Aspergillus niger katalazının üretimi, üçlü-faz ayırma sistemi ile saflaştırılması ve karakterizasyonu

Abstract

Katalazlar (EC 1.11.1.6) antioksidan metalloenzimler sınıfına dahil olup başlıca işlevleri hidrojen peroksidin su ve moleküler oksijene parçalanmasıdır. Katalazlarla yaklaşık yüzyıldır çalışılmasına rağmen, özellikleri ile ilgili yeni bulgular keşfedilmektedir. Bu çalışmada Aspergillus niger katalazının üretimi, saflaştırılması ve karakterize edilmesi amaçlanmıştır. Buna göre 1 litrelik YpSs sıvı büyüme ortamında 37°C ve 155 rpm çalkalama hızında büyütülen A. niger'den 7. günde ham enzim ekstraktı elde edilmiştir. Katalaz enzimi hem iyon değiştirme kromatografisi hem de üçlü-faz ayırma yöntemi ile saflaştırılmıştır. Kromatografik yöntemle yapılan saflaştırmada enzim aktivitesinde %42 oranında azalma gözlenmiştir. Diğer yandan, üçlü-faz ayırma yönteminde %80 (w/w) amonyum sülfat içeren ve ham ekstrakt:t-butanol oranı 1:1.5 olacak şekilde pH 7,0'da hazırlanan sistemden katalaz enzimi %263 geri kazanım ile 7.9 kat saflaştırılmıştır. Enzim örneğinin saflığı SDS-PAGE ile kontrol edilmiş olup jelde yaklaşık 87 kDa molekül ağırlığına denk gelen tek bir bant gözlenmiştir. Saf enzimin Km değeri (21,4 mM), optimum reaksiyon sıcaklığı (50°C) ve optimum reaksiyon pH'sı (6,0) belirlenmiştir. Kararlılık testleri enzimin aktif olarak kalabildiği sıcaklık aralığının (30°C -40°C) nispeten dar, ancak pH aralığının (4.0-9.0) oldukça geniş olduğunu göstermiştir. Ayrıca, %7,5'lik (v/v) etanol varlığında aktivitenin yaklaşık %77'si korunmuştur. Bununla birlikte, esas fonksiyonunun yanında 4-metil katekol ve pyrokatekol gibi fenolik bileşikleri peroksitten bağımsız olarak okside edebilmiştir. Sonuç olarak, A. niger'den katalaz enziminin geleneksel kromatografi yöntemi yerine zamandan tasarruf sağlayan, maliyeti ucuz ve kullanımı oldukça kolay olan üçlü faz sistemleri ile saflaştırılabildiği görülmektedir. Enzimin sahip olduğu biyokimyasal özellikleri, çeşitli endüstriyel uygulama alanlarında avantaj sağlayabilir.

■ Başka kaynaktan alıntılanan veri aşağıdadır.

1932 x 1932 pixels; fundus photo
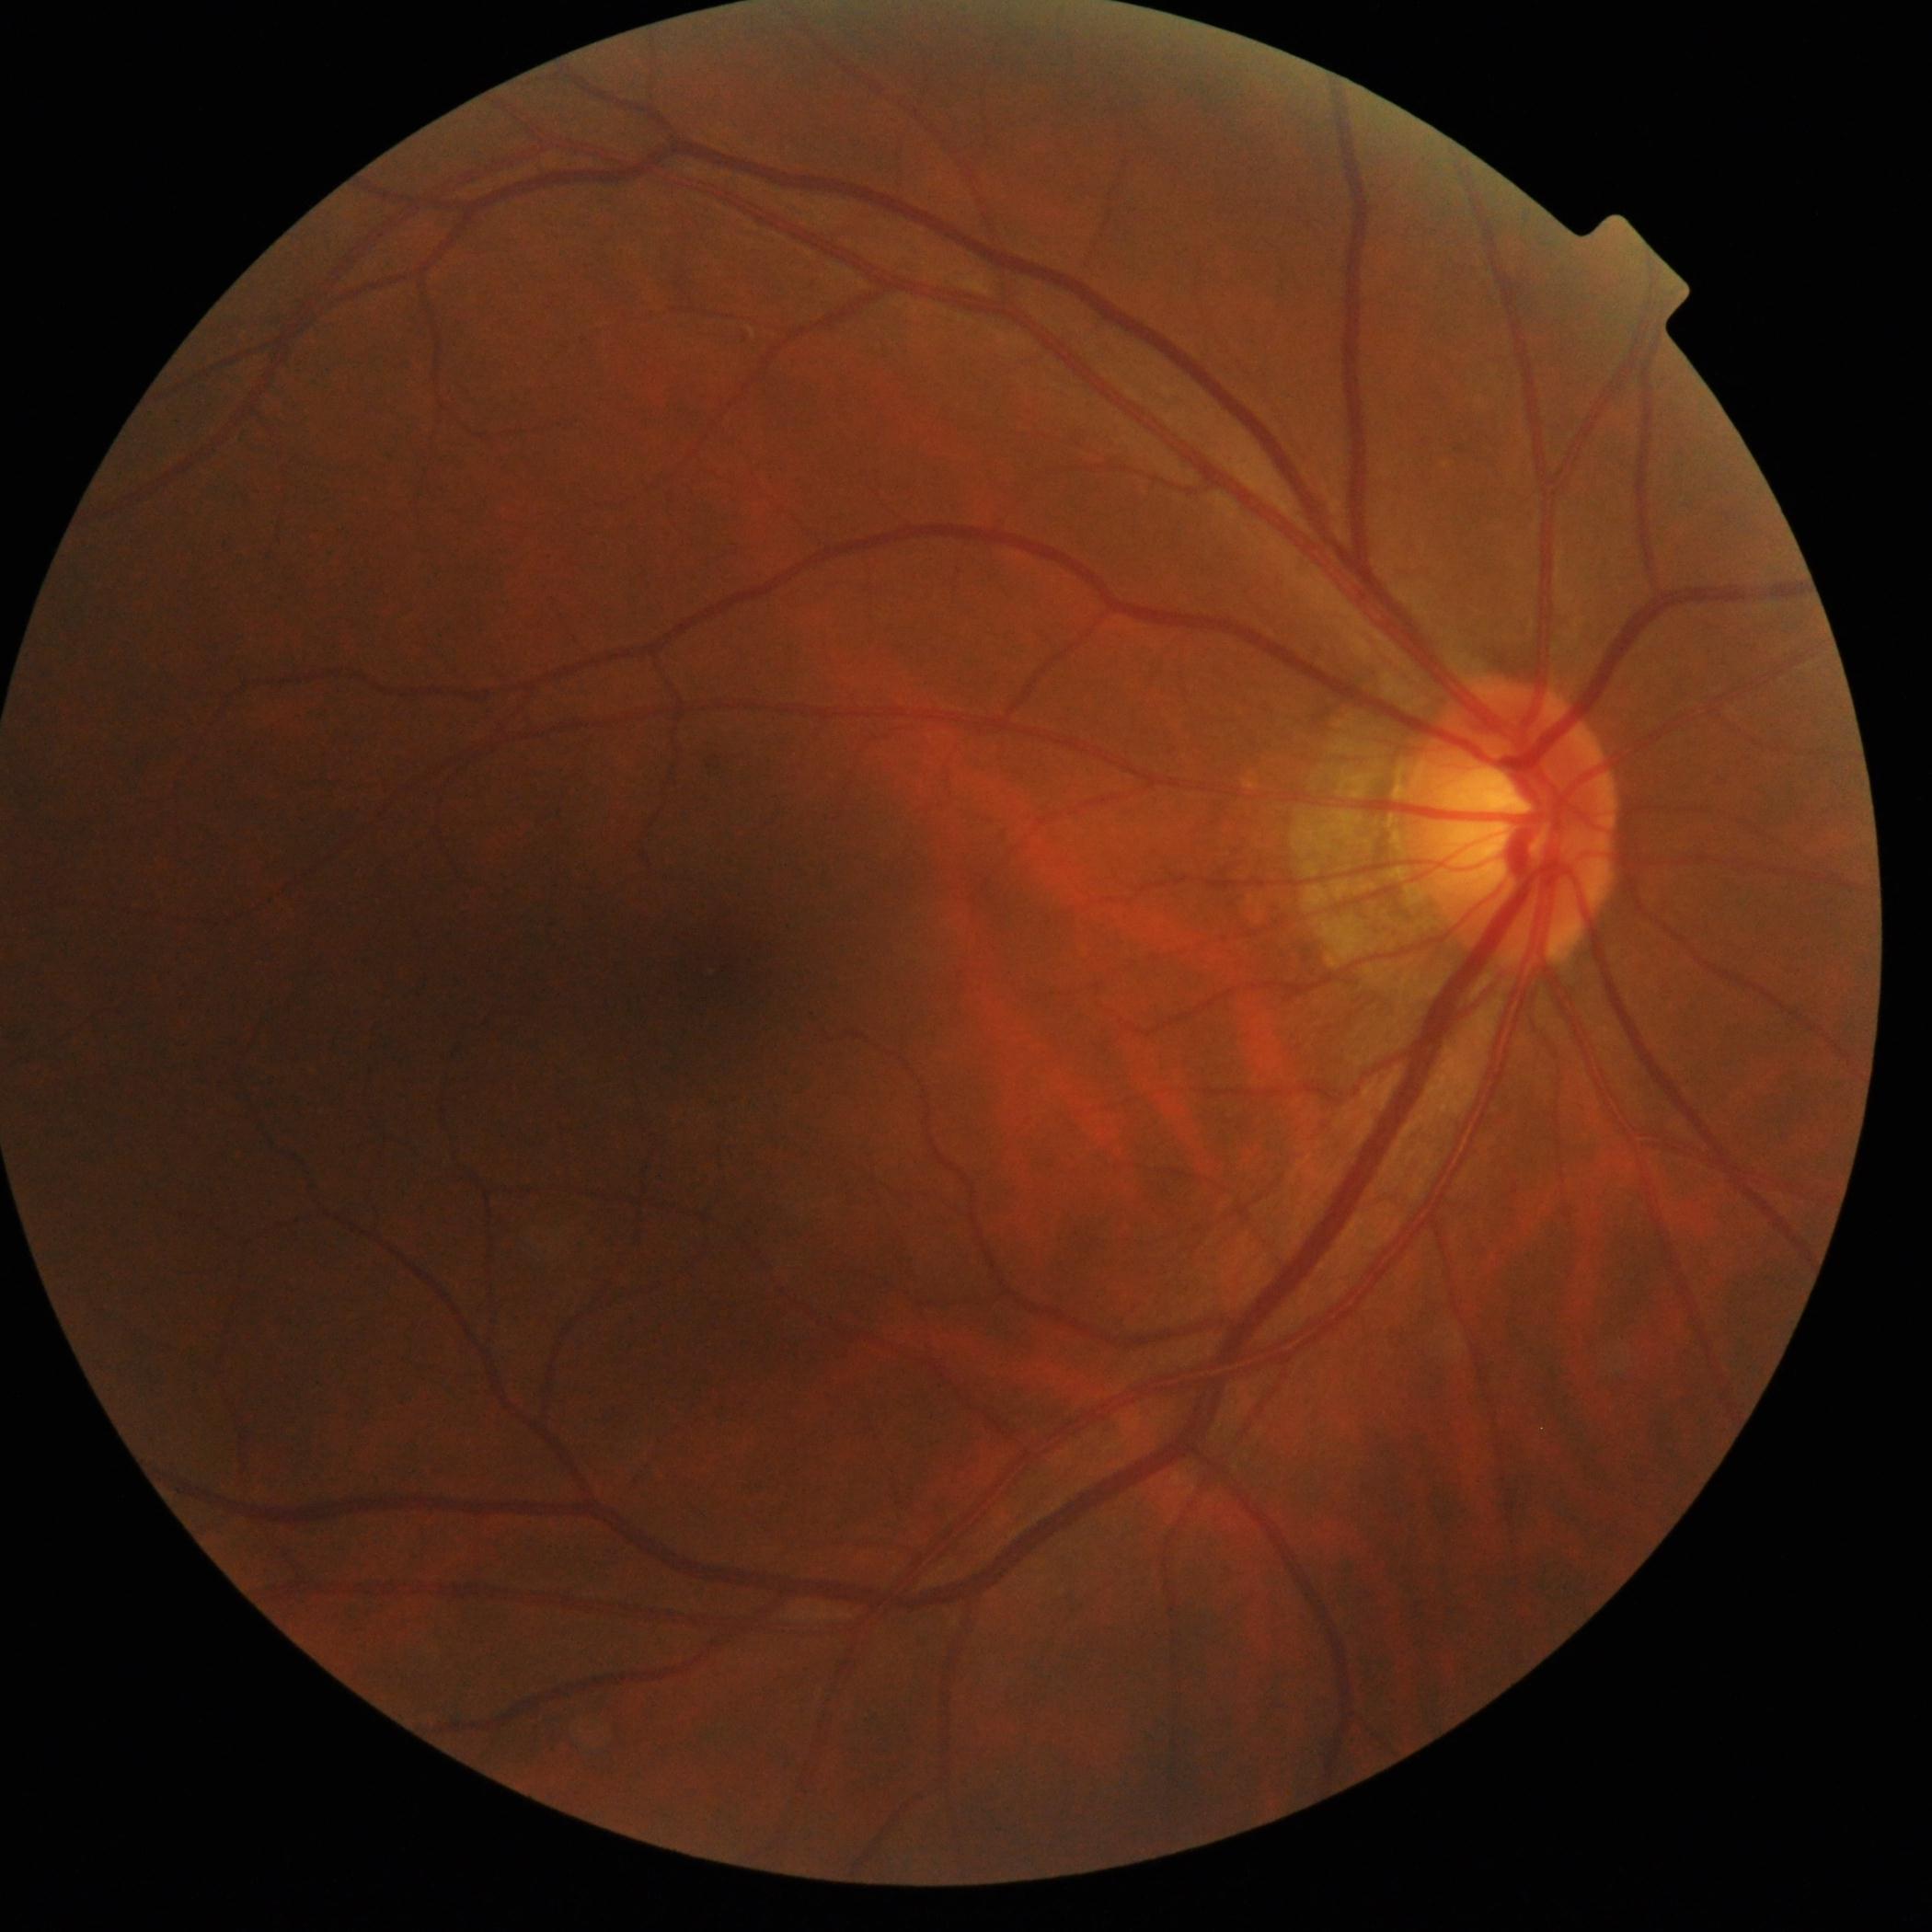 Diabetic retinopathy (DR): no apparent diabetic retinopathy (grade 0).

Catalases (EC 1.11.1.6) belonging to metalloenzyme family catalyze the degradation of hydrogen peroxide to water and molecular oxygen. Although catalases have been studied by almost a century, some characteristics have been recently discovered. For that purpose, crude enzyme extract was obtained from A. niger on 7th day of cultivation of cells grown at 37°C and 155 rpm in 1 liter YpSs medium containing 1% glucose. Catalase enzyme was purified by both ion exchange chromatography and three-phase partitioning method. Chromatography-based purification has resulted in a 42% reduction in the enzyme activity. On the other hand, the three-phase partitioning method which wasprepared by 80% (w/w) ammonium sulfate saturation at pH 7 with 1:1.5 (v/v) ratio of crude extract to t-butanol gave 7.9-fold purification with 263% activity recovery. The Km value, optimum reaction temperature and optimum reaction pH of the catalase were determined. The stability tests have revealed that the enzyme remained stable in a narrow temperature whereas in a wide range of pH. In addition, about 77% of the activity has been maintained in the presence of ethanol up to a concentration of 7.5% (v/v). Besides it main function it could oxidase substrates such as 4-methyl catechol and pyrocatechol in the absence of peroxide. To conclude, the catalase enzyme from A. niger can be purified by a three phase partitioning system, which is time-effective, inexpensive and very easy to use, rather than a conventional chromatography method. The biochemical properties of the resulting catalase enzyme can provide advantages in various industrial applications.